The OnePlus 15 — OnePlus’s newest mainstream flagship — is earning praise for its specs and performance but is drawing scrutiny after independent reviewers found it overheats during prolonged GPU stress tests. Multiple outlets and testers report that running graphics-heavy benchmarks such as 3DMark Wild Life Extreme causes the phone to spike in temperature, crash benchmarks, and temporarily disable core features until the device cools.

The problem has been documented across several devices running Qualcomm’s Snapdragon 8 Elite Gen 5, but the OnePlus 15’s behavior has been particularly visible in hands-on reviews and stress runs. Testers recorded surface temperatures in the low 50s Celsius and described forced benchmark shutdowns and system lockdowns that block apps beyond basic calls and messaging.

What happened in the lab: temperatures, crashes and disabled functions

Independent testing captured dramatic results:

  • A side-by-side stress run comparing the OnePlus 15 and the iPhone 17 Pro Max showed surface temperatures of roughly 52°C for the OnePlus versus about 39.5°C for the iPhone after repeated loops of 3DMark Wild Life Extreme. (Test reported by Max Tech and summarized in coverage.)
  • Android Authority reported a peak surface temperature of 52.7°C and said the OnePlus 15 shut down the benchmark about two-thirds of the way through its usual stress run. The phone reportedly blocked access to most apps — leaving only calls and messages available — until temperatures fell.
  • Reviewers testing other Snapdragon 8 Elite Gen 5 phones noted similar thermal pressure: the REDMAGIC 11 Pro showed very high temperatures (above 52°C) even with active fan and liquid cooling and reportedly shut down during one stress test. Some sister devices using MediaTek’s Dimensity 9500 (for example, the OPPO Find X9 Pro and Vivo X300 Pro) stayed noticeably cooler in equivalent workloads.
  • Reviewers stress that these failures occurred during extreme, synthetic stress tests that are designed to push silicon harder than most real-world use. However, the failures illustrate the gap between peak benchmark numbers and sustained performance you can rely on for long gaming sessions, extended emulation, heavy video encoding, or prolonged camera and AI workloads.

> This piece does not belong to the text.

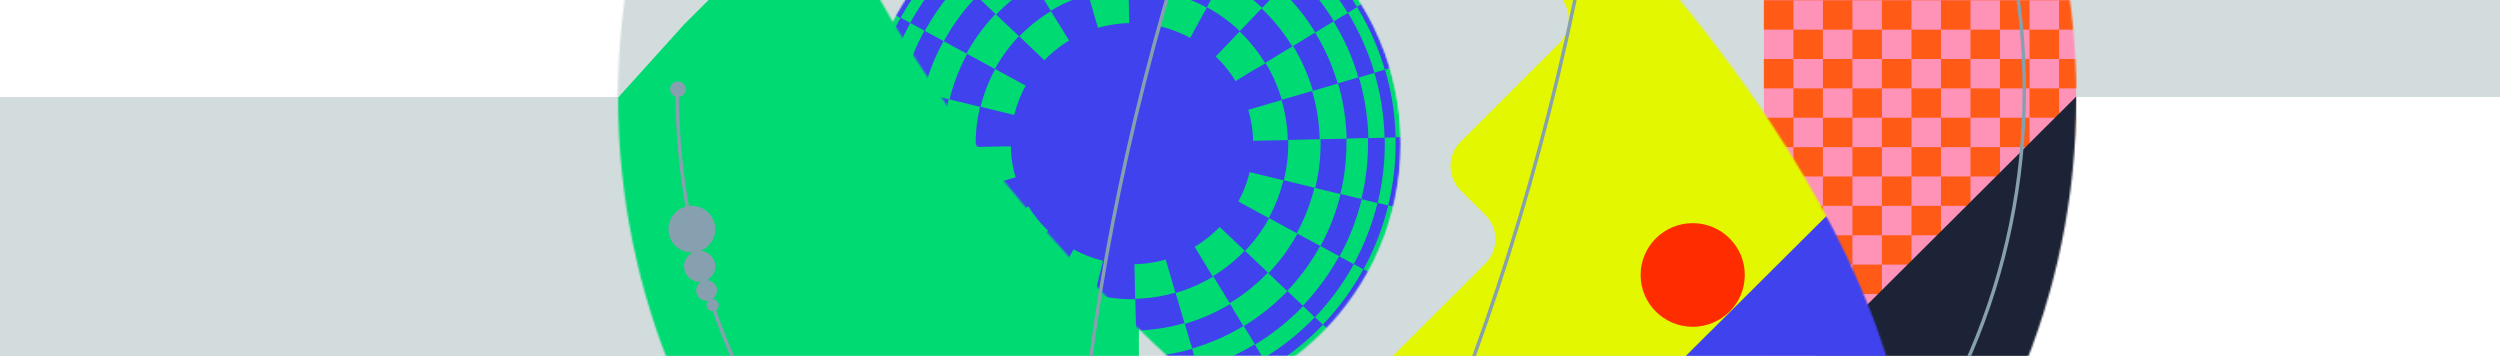 <svg xmlns="http://www.w3.org/2000/svg" width="1440" height="205" fill="none"><rect width="100%" height="100%" fill="#333333" stroke="none"/><g clip-path="url(#a)"><path fill="#fff" d="M0 0h1440v205H0z"/><path fill="#fff" d="M0-94h1440v300H0z"/><path fill="#D2DCDC" d="M439 55.884H0v206.99h439zM1440-129.214h-439V55.884h439z"/><mask id="b" width="840" height="837" x="356" y="-363" maskUnits="userSpaceOnUse" style="mask-type:alpha"><path fill="#D2DCDC" d="M776 473.841c231.96 0 420-187.128 420-417.961s-188.04-417.962-420-417.962S356-174.954 356 55.88c0 230.833 188.04 417.961 420 417.961"/></mask><g mask="url(#b)"><path fill="#D2DCDC" d="M776 474.836c232.51 0 421-187.573 421-418.956s-188.49-418.957-421-418.957c-232.512 0-421 187.573-421 418.957s188.488 418.956 421 418.956"/><path fill="#FF92B7" d="m476.084 155.647-.067-79.612c-.01-10.992 8.937-19.91 19.983-19.92l80-.067c11.046-.01 19.992-8.928 19.983-19.92l-.068-79.611c-.009-10.992 8.938-19.91 19.983-19.92l80-.067c11.046-.01 19.993-8.928 19.984-19.92l-.068-79.612c-.009-10.992 8.937-19.91 19.983-19.919l80-.068c11.046-.009 19.992-8.927 19.983-19.919l-.067-79.612c-.01-10.992 8.937-19.91 19.983-19.92l80-.067c11.045-.009 19.992-8.928 19.983-19.92l-.068-79.611c-.009-10.992-8.971-19.896-20.017-19.886l-560 .47c-11.045.01-19.992 8.928-19.983 19.92l.473 557.282c.01 10.992 8.972 19.895 20.017 19.886l80-.068c11.046-.009 19.993-8.927 19.983-19.919"/><path fill="#00DA72" d="M656-70.504v528.422H353V-70.504z"/><path fill="#FF92B7" d="M1196-287.446v523.447h-180v-523.447z"/><path fill="#FF5B17" d="M1186 101.66V84.743h-17v16.917zM1203 84.743V67.825h-17v16.918zM1203 118.578V101.66h-17v16.918zM1186 135.495v-16.917h-17v16.917zM1186 169.33v-16.917h-17v16.917zM1203 152.413v-16.918h-17v16.918zM1203 186.248V169.33h-17v16.918zM1169 84.743V67.825h-17v16.918zM1152 101.66V84.743h-17v16.917zM1118 101.66V84.743h-17v16.917zM1169 118.578V101.66h-17v16.918zM1135 84.743V67.825h-17v16.918zM1135 118.578V101.66h-17v16.918zM1152 135.495v-16.917h-17v16.917zM1118 135.495v-16.917h-17v16.917zM1169 152.413v-16.918h-17v16.918zM1152 169.33v-16.917h-17v16.917zM1118 169.33v-16.917h-17v16.917zM1169 186.248V169.33h-17v16.918zM1135 152.413v-16.918h-17v16.918zM1135 186.248V169.33h-17v16.918zM1101 186.248V169.33h-17v16.918zM1067 186.248V169.33h-17v16.918zM1101 84.743V67.825h-17v16.918zM1084 101.66V84.743h-17v16.917zM1101 118.578V101.66h-17v16.918zM1067 84.743V67.825h-17v16.918zM1067 118.578V101.66h-17v16.918zM1084 135.495v-16.917h-17v16.917zM1101 152.413v-16.918h-17v16.918zM1084 169.33v-16.917h-17v16.917zM1067 152.413v-16.918h-17v16.918zM1101 17.073V.155h-17v16.918zM1101 50.908V33.99h-17v16.918zM1118 .155v-16.917h-17V.155zM1135 17.073V.155h-17v16.918zM1118 33.99V17.073h-17V33.99zM1118 67.825V50.908h-17v16.917zM1135 50.908V33.99h-17v16.918zM1203 17.073V.155h-17v16.918zM1203 50.908V33.99h-17v16.918zM1186 67.825V50.908h-17v16.917zM1152 67.825V50.908h-17v16.917zM1186 .155v-16.917h-17V.155zM1152 .155v-16.917h-17V.155zM1169 17.073V.155h-17v16.918zM1186 33.99V17.073h-17V33.99zM1169 50.908V33.99h-17v16.918zM1152 33.99V17.073h-17V33.99zM1084 .155v-16.917h-17V.155zM1067 17.073V.155h-17v16.918zM1084 33.99V17.073h-17V33.99zM1084 67.825V50.908h-17v16.917zM1067 50.908V33.99h-17v16.918zM1033 84.743V67.825h-17v16.918zM1033 118.578V101.66h-17v16.918zM1033 152.413v-16.918h-17v16.918zM1033 186.248V169.33h-17v16.918zM1050 169.33v-16.917h-17v16.917zM1050 135.495v-16.917h-17v16.917zM1050 101.66V84.743h-17v16.917zM1050 .155v-16.917h-17V.155zM1033 17.073V.155h-17v16.918zM1050 33.99V17.073h-17V33.99zM1033 50.908V33.99h-17v16.918zM1050 67.825V50.908h-17v16.917z"/><path fill="#D2DCDC" d="M563.688-155.044 394.126 13.981l-38.127 42.252-4.622-422.201z"/><path fill="#1D2336" d="m1196 55.526.46 537.379-420.46.353V473.841z"/></g><mask id="c" width="646" height="644" x="453" y="-266" maskUnits="userSpaceOnUse" style="mask-type:alpha"><path fill="#D2DCDC" d="M1072.8 351.239c70.25-69.91-5.68-258.82-169.6-421.942-163.918-163.122-353.749-238.686-424-168.777s5.682 258.82 169.6 421.942 353.75 238.686 424 168.777"/></mask><g mask="url(#c)"><path fill="#D2DCDC" d="M1099.48-265.615H453.01l-.437 642.464h646.467z"/><path fill="#E2F700" d="m756.837 334.747 56.431-56.29c7.792-7.773 7.781-20.363-.024-28.122l-14.132-14.049c-7.804-7.759-7.815-20.349-.023-28.121l56.431-56.291c7.791-7.772 7.781-20.362-.024-28.121l-14.132-14.049c-7.804-7.759-7.815-20.35-.024-28.121l56.432-56.29c7.791-7.773 7.781-20.363-.024-28.122l-14.132-14.049c-7.805-7.759-7.815-20.35-.024-28.121l56.432-56.291c7.791-7.772 7.781-20.362-.024-28.121l-14.132-14.049c-7.805-7.759-7.815-20.349-.024-28.122l56.432-56.29c7.791-7.772 20.434-7.783 28.244-.024l183.71 182.635c7.8 7.76 7.81 20.35.02 28.122L799.232 376.894c-7.792 7.772-20.435 7.782-28.24.023l-14.131-14.049c-7.805-7.759-7.816-20.349-.024-28.121"/><path fill="#4042EE" d="m969.201 454.794 207.269-206.26-124.5-124.063-207.269 206.26z"/><mask id="d" width="310" height="309" x="497" y="-72" maskUnits="userSpaceOnUse" style="mask-type:alpha"><path fill="#FF5B17" d="M651.904 236.804c85.55 0 154.903-69.016 154.903-154.151S737.454-71.5 651.904-71.5C566.353-71.499 497-2.483 497 82.653s69.353 154.151 154.904 154.151"/></mask><g mask="url(#d)"><mask id="e" width="310" height="311" x="497" y="-72" maskUnits="userSpaceOnUse" style="mask-type:alpha"><circle cx="652" cy="83.151" r="155" fill="#D9D9D9"/></mask><g mask="url(#e)"><circle cx="652" cy="83.151" r="156" fill="#4042EE"/><path fill="#00DA72" d="m496 86.476 4.143-.095a149.7 149.7 0 0 0 6.102 38.976l-3.981 1.144A153.7 153.7 0 0 1 496 86.476m26.407 75.082a151.7 151.7 0 0 0 24.766 30.606l-2.861 2.984a155.8 155.8 0 0 1-25.432-31.425l-.094-.152zm-7.39-153.185 3.639 1.97a151.3 151.3 0 0 0-14.26 36.815l-4.028-.97a155.4 155.4 0 0 1 14.649-37.815m64.181 207.045a153 153 0 0 0 36.988 14.205l-.977 4.007a157 157 0 0 1-37.994-14.591zm-8.523-265.172 1.141 1.723.989 1.814c-11.345 6.9-21.704 15.205-30.793 24.685l-2.998-2.846c9.337-9.74 19.979-18.271 31.661-25.376m84.924 283.623a151.8 151.8 0 0 0 39.168-6.059l1.169 3.956a155.9 155.9 0 0 1-40.244 6.225zM608.033-66.262a156 156 0 0 1 40.167-6.232l.097 4.123a152 152 0 0 0-39.165 6.086l-.585-1.978zm154.029 253.211 3 2.844c-9.355 9.775-20.022 18.332-31.797 25.492l-.099.061-1.97-3.635c11.375-6.917 21.759-15.248 30.866-24.762m-73.377-255.11a157 157 0 0 1 38.005 14.563l-1.981 3.624a153 153 0 0 0-36.998-14.18zm110.944 186.396 4.029.968a155.4 155.4 0 0 1-14.623 37.825l-3.641-1.97a151.2 151.2 0 0 0 14.235-36.823m-40.02-147.964a155.9 155.9 0 0 1 25.509 31.496l.047.077-3.571 2.093a151.8 151.8 0 0 0-24.844-30.681zm38.119 69.772-.002-.007 4.011-1.043.002.008a153.8 153.8 0 0 1 6.26 39.91l-4.143.098a149.9 149.9 0 0 0-6.128-38.966"/><path fill="#00DA72" d="m512.262 123.423.068.229a145 145 0 0 0 15.236 34.386l-5.329 3.219a151.2 151.2 0 0 1-15.887-35.853l-.068-.229zm-7.804-76.419 6.056 1.473a143.5 143.5 0 0 0-4.105 37.588l-6.233.146a149.6 149.6 0 0 1 4.282-39.207m46.928 140.5a146.2 146.2 0 0 0 30.682 22.321l-2.994 5.441a152.3 152.3 0 0 1-31.991-23.274zm-9.221-209.106 4.513 4.28a145.5 145.5 0 0 0-22.412 30.545l-5.47-2.976a151.7 151.7 0 0 1 23.369-31.849m75.322 245.131a145.5 145.5 0 0 0 37.768 4.105l.144 6.202a151.7 151.7 0 0 1-39.395-4.282zm-8.352-285.724.154-.045 1.76 5.95-.154.046a146.4 146.4 0 0 0-34.62 15.202l-3.239-5.302c11.231-6.792 23.376-12.125 36.099-15.852m83.969 283.934c12.257-3.59 23.949-8.732 34.754-15.284l3.245 5.299c-11.269 6.832-23.461 12.194-36.239 15.936l-.306.09-1.76-5.952zM648.438-68.337a151.7 151.7 0 0 1 39.4 4.239l-1.477 6.027a145.4 145.4 0 0 0-37.772-4.064zm131.373 220.471 5.473 2.97a151.7 151.7 0 0 1-23.336 31.875l-4.518-4.276a145.5 145.5 0 0 0 22.381-30.569M724.783-49.85a152.4 152.4 0 0 1 32.016 23.239l-4.299 4.493a146 146 0 0 0-30.706-22.288zm72.805 129.124 6.233-.153c.326 13.179-1.1 26.371-4.239 39.211l-6.057-1.466a143.5 143.5 0 0 0 4.063-37.592m-15.91-75.176A151.2 151.2 0 0 1 797.65 40.09l.023.076-6.003 1.675a145 145 0 0 0-15.318-34.519zM506.502 86.044l9.321-.203a134.2 134.2 0 0 0 5.429 34.953l-8.948 2.61a143.4 143.4 0 0 1-5.802-37.36m29.204 67.232a136 136 0 0 0 22.176 27.474l-6.447 6.703a145.3 145.3 0 0 1-23.679-29.328l-.102-.166zm-11.379-140.05 8.183 4.447a135.8 135.8 0 0 0-12.83 32.998l-9.059-2.196a145 145 0 0 1 13.706-35.248m62.24 188.408a137.2 137.2 0 0 0 33.156 12.78l-2.21 9.014a146.6 146.6 0 0 1-35.416-13.651zM576.299-40.92l4.956 7.86-.127.077a136.6 136.6 0 0 0-27.643 22.103l-6.737-6.414c8.72-9.074 18.655-17.018 29.551-23.626m78.763 259.184a136 136 0 0 0 35.125-5.389l2.62 8.905a145.4 145.4 0 0 1-37.544 5.761zm-43.966-274.52a145.4 145.4 0 0 1 37.541-5.788l.207 9.276a136 136 0 0 0-35.121 5.415zM750.58 176.307l6.744 6.408a145.7 145.7 0 0 1-29.566 23.666l-.222.135-4.662-8.038c10.211-6.193 19.532-13.652 27.706-22.171M686.39-57.958a146.5 146.5 0 0 1 35.426 13.627l-4.466 8.146a137.2 137.2 0 0 0-33.164-12.757zm97.954 172.689 9.06 2.191a145 145 0 0 1-13.681 35.258l-8.186-4.441a135.7 135.7 0 0 0 12.807-33.008m-31.85-136.76A145.4 145.4 0 0 1 776.258 7.39l.11.189-4.012 2.233-3.992 2.516-.125-.202a136 136 0 0 0-22.188-27.447zm19.808 31.875.054-.034zm10.42 34.764 8.945-2.616a143.4 143.4 0 0 1 5.83 37.356l-9.322.21a134.2 134.2 0 0 0-5.453-34.95M533.506 117.45a123 123 0 0 0 12.927 29.175l-10.627 6.42a135.2 135.2 0 0 1-14.207-32.041l-.078-.261zm-13.619-66.712 12.077 2.938a121.6 121.6 0 0 0-3.483 31.882l-12.428.292a134 134 0 0 1 3.834-35.112m46.751 120.881a124 124 0 0 0 26.034 18.939l-5.973 10.85a136.5 136.5 0 0 1-28.642-20.838zM553.649-10.687l8.999 8.534a123.5 123.5 0 0 0-19.017 25.918l-10.907-5.936a135.8 135.8 0 0 1 20.925-28.516m69.074 212.871a123.3 123.3 0 0 0 32.036 3.483l.287 12.368a135.9 135.9 0 0 1-35.282-3.834zm-9.02-249.247.763 2.502 2.661 9.39a124.2 124.2 0 0 0-29.373 12.898l-6.458-10.571c10.057-6.083 20.931-10.859 32.407-14.22m73.169 247.728a124.2 124.2 0 0 0 29.488-12.968l6.469 10.565a136.7 136.7 0 0 1-32.447 14.271l-.268.078-3.51-11.868zM648.809-52.537c11.86-.285 23.731.992 35.285 3.796l-2.946 12.02a123.4 123.4 0 0 0-32.04-3.448zm111.623 194.15 10.914 5.924a135.8 135.8 0 0 1-20.894 28.538l-9.009-8.525a123.4 123.4 0 0 0 18.989-25.937M717.171-35.983a136.5 136.5 0 0 1 28.666 20.807l-8.572 8.96a124 124 0 0 0-26.054-18.91zm58.344 115.786 12.427-.304a134 134 0 0 1-3.795 35.115l-12.08-2.924a121.6 121.6 0 0 0 3.448-31.887m-7.397-67.478a135.4 135.4 0 0 1 14.301 32.226l.02.067-11.946 3.426a123 123 0 0 0-12.995-29.288z"/><path fill="#00DA72" d="m528.336 85.545 15.536-.337a106.4 106.4 0 0 0 4.309 27.746l-14.913 4.351a122 122 0 0 1-4.932-31.76m31.322 53.205a108 108 0 0 0 17.61 21.817l-10.744 11.173a123.4 123.4 0 0 1-20.095-24.878l-.133-.217zM543.484 23.662l13.639 7.411a107.8 107.8 0 0 0-10.188 26.206l-15.099-3.66a123.2 123.2 0 0 1 11.648-29.957m56.556 153.484a109 109 0 0 0 26.33 10.148l-3.682 15.024a124.5 124.5 0 0 1-30.099-11.602zM587.638-22.352l.244-.142 3.732 6.486-3.973-6.345 8.218 13.125-.252.154a108.4 108.4 0 0 0-21.833 17.479L562.543-2.283a124 124 0 0 1 25.095-20.069m66.797 212.705a108 108 0 0 0 27.884-4.279l4.366 14.842a123.6 123.6 0 0 1-31.916 4.897zm-37.203-225.75a123.6 123.6 0 0 1 31.913-4.92l.344 15.461a108 108 0 0 0-27.881 4.298zm113.047 192.433 11.237 10.681a123.8 123.8 0 0 1-25.088 20.089l-.224.137-7.929-13.302a108.4 108.4 0 0 0 22.004-17.605m-49.05-193.88a124.5 124.5 0 0 1 30.107 11.582l-7.442 13.574a109 109 0 0 0-26.338-10.13zm75.854 144.987 15.101 3.65a123.2 123.2 0 0 1-11.627 29.964l-13.644-7.401a107.8 107.8 0 0 0 10.17-26.213M737.415-6.304a123.4 123.4 0 0 1 20.156 24.936l.022.035-6.595 4.088-6.656 3.99a108 108 0 0 0-17.664-21.87zm18.384 58.771 14.91-4.359a122 122 0 0 1 4.954 31.755l-15.535.35a106.6 106.6 0 0 0-4.329-27.746"/><path fill="#00DA72" d="m565.612 107.83.059.201a89.6 89.6 0 0 0 9.394 21.218l-15.945 9.622a108.1 108.1 0 0 1-11.338-25.601l-.059-.201zm-19.17-50.712 18.113 4.414a88.6 88.6 0 0 0-2.547 23.217l-18.643.428a107.1 107.1 0 0 1 3.077-28.06m43.328 90.341a90.3 90.3 0 0 0 18.96 13.81l-8.966 16.272a109 109 0 0 1-22.874-16.661zM573.434 8.055l13.495 12.808a90 90 0 0 0-13.864 18.879l-16.357-8.912a108.5 108.5 0 0 1 16.726-22.775m57.187 161.699a90 90 0 0 0 23.331 2.551l.415 18.553c-9.48.21-18.965-.827-28.194-3.082zm-9.292-190.72.136-.04 5.129 17.842a90.5 90.5 0 0 0-21.376 9.38l-9.679-15.861a109.2 109.2 0 0 1 25.79-11.321m56.079 189.624a90.5 90.5 0 0 0 21.485-9.446l9.703 15.848c-8.064 4.889-16.785 8.725-25.993 11.421l-.2.058-5.265-17.802zM649.482-25.36c9.478-.225 18.966.8 28.2 3.042l-4.424 18.029a89.8 89.8 0 0 0-23.331-2.518zm81.516 151.001 16.37 8.888a108.6 108.6 0 0 1-16.695 22.799l-13.512-12.789a90 90 0 0 0 13.837-18.898M704.105-12.121a109 109 0 0 1 22.897 16.63l-12.86 13.439a90.4 90.4 0 0 0-18.981-13.785zm37.887 92.738 18.643-.453a107.1 107.1 0 0 1-3.038 28.064l-18.118-4.389a88.6 88.6 0 0 0 2.513-23.222m2.811-54.124a108 108 0 0 1 11.418 25.731l.02.068-17.909 5.172a89.6 89.6 0 0 0-9.46-21.327zM562.239 84.659l19.98-.41a68.8 68.8 0 0 0 2.755 17.897l-19.185 5.567a88.5 88.5 0 0 1-3.55-23.054m30.172 34.228a69.8 69.8 0 0 0 11.287 14.009l-13.839 14.346a89.6 89.6 0 0 1-14.501-17.987l-.159-.259zm-19.127-79.11 17.529 9.55a69.5 69.5 0 0 0-6.594 16.903l-19.411-4.73a89.4 89.4 0 0 1 8.476-21.724m45.082 103.833a70.2 70.2 0 0 0 16.98 6.575l-4.77 19.313a90.3 90.3 0 0 1-21.821-8.453zM605.343 6.43l10.487 16.928-.146.088a70 70 0 0 0-14.117 11.275l-14.429-13.762a90 90 0 0 1 18.205-14.53m48.109 145.761a69.7 69.7 0 0 0 17.987-2.727l5.577 19.098a89.9 89.9 0 0 1-23.17 3.512zM626.839-3.025a89.8 89.8 0 0 1 23.165-3.551l.428 19.882a69.7 69.7 0 0 0-17.983 2.756zm61.477 145.073a70 70 0 0 0 14.198-11.357l14.452 13.734a89.8 89.8 0 0 1-18.218 14.586l-.295.178-10.328-17.025zM673.279-4.039a90.4 90.4 0 0 1 21.836 8.416l-9.582 17.452a70.3 70.3 0 0 0-16.991-6.548zm46.53 103.193 19.419 4.695a89.3 89.3 0 0 1-8.438 21.738l-17.546-9.521a69.5 69.5 0 0 0 6.565-16.912m-5.775-81.005a89.6 89.6 0 0 1 14.622 18.109l.162.273-8.528 4.877-8.622 5.324-.157-.255a69.7 69.7 0 0 0-11.291-13.958zm6.124 23.34.132-.081zm-1.163 21.748 19.175-5.6a88.5 88.5 0 0 1 3.588 23.05l-19.979.442a68.7 68.7 0 0 0-2.784-17.892"/></g></g></g><path stroke="#87A0AF" stroke-miterlimit="10" stroke-width="2" d="M884.195-347.157c14.967 3.991 26.507 18.793 34.381 42.704 7.859 23.865 11.968 56.53 12.27 95.713.604 78.352-14.012 182.534-44.013 293.956-30.002 111.423-69.689 208.919-109.579 276.474-19.949 33.783-39.919 60.027-58.716 76.785-18.833 16.79-36.264 23.866-51.231 19.876-14.966-3.991-26.506-18.793-34.38-42.705-7.859-23.865-11.968-56.529-12.27-95.713-.604-78.352 14.012-182.533 44.013-293.956 30.001-111.422 69.688-208.919 109.579-276.473 19.949-33.784 39.919-60.028 58.715-76.785 18.834-16.79 36.265-23.867 51.231-19.876Z"/><path stroke="#87A0AF" stroke-miterlimit="10" stroke-width="2" d="M390 51.926c0 213.231 173.713 386.089 388 386.089 214.286 0 388-172.858 388-386.089S992.387-334.218 778.1-334.218"/><path fill="#87A0AF" d="M398.5 145.443c7.456 0 13.5-6.015 13.5-13.435 0-7.419-6.044-13.434-13.5-13.434s-13.5 6.015-13.5 13.434c0 7.42 6.044 13.435 13.5 13.435"/><path fill="#87A0AF" d="M403 162.36c4.971 0 9-4.01 9-8.956 0-4.947-4.029-8.957-9-8.957s-9 4.01-9 8.957c0 4.946 4.029 8.956 9 8.956"/><path fill="#87A0AF" d="M407 173.306c3.314 0 6-2.673 6-5.97 0-3.298-2.686-5.971-6-5.971s-6 2.673-6 5.971 2.686 5.97 6 5.97"/><path fill="#87A0AF" d="M410.5 179.278c1.933 0 3.5-1.56 3.5-3.483a3.49 3.49 0 0 0-3.5-3.483 3.49 3.49 0 0 0-3.5 3.483 3.49 3.49 0 0 0 3.5 3.483M390.5 55.88c2.485 0 4.5-2.006 4.5-4.479s-2.015-4.478-4.5-4.478-4.5 2.005-4.5 4.478 2.015 4.478 4.5 4.478"/><path fill="#FF2C00" d="M975 188.238c16.569 0 30-13.366 30-29.854s-13.431-29.855-30-29.855-30 13.367-30 29.855 13.431 29.854 30 29.854"/></g><defs><clipPath id="a"><path fill="#fff" d="M0 0h1440v205H0z"/></clipPath></defs></svg>

    OnePlus responds — and points to real-world usage

    When asked about the behavior, a OnePlus spokesperson said the units run within "normal thermal limits" in everyday use and that the company is "refining the thermal curve so that our peak performance remains uncompromised while surface temperatures stay comfortable." The company also noted it has received no reports of excessive heat from customers in normal usage scenarios.

    That defense is consistent with other manufacturers’ assertions that 3DMark stress tests are extreme and that most consumers will not encounter those exact conditions. Yet multiple reviewers argue the issue matters because sustained heavy loads—especially in emulator communities, long cloud-gaming sessions, or creative workflows—can mirror or exceed what the synthetic benchmarks simulate.

    Why the Snapdragon 8 Elite Gen 5 is under the microscope

    Qualcomm’s Snapdragon 8 Elite Gen 5 delivers class-leading peak performance, but reviewers say that comes at the cost of higher power draw and heat. Comparative data cited by analysts and reviewers show Qualcomm’s flagship sometimes drawing considerably more board power in peak workloads compared with rival chips — a factor that magnifies the thermal design challenge inside thin flagship chassis.

    Manufacturers face trade-offs: hit peak clocks for short bursts and show impressive benchmark results, or prioritize sustained efficiency and tune the thermal curve to hold performance at lower, cooler levels over time. Some devices (gaming phones like REDMAGIC) take a different approach by adding active cooling to sustain the highest clocks, while mainstream flagships have limited room to do so without compromising everyday ergonomics.

    Consequences for users and device makers

    Practical implications include:

  • Reduced sustained frame rates and potential frame drops during long gaming or emulation sessions.
  • Temporary disabling of features — testers reported limited functionality (e.g., flashlight, hotspot) when temperatures triggered safety responses.
  • Faster battery wear and reduced real-world endurance if components regularly operate at higher temperatures.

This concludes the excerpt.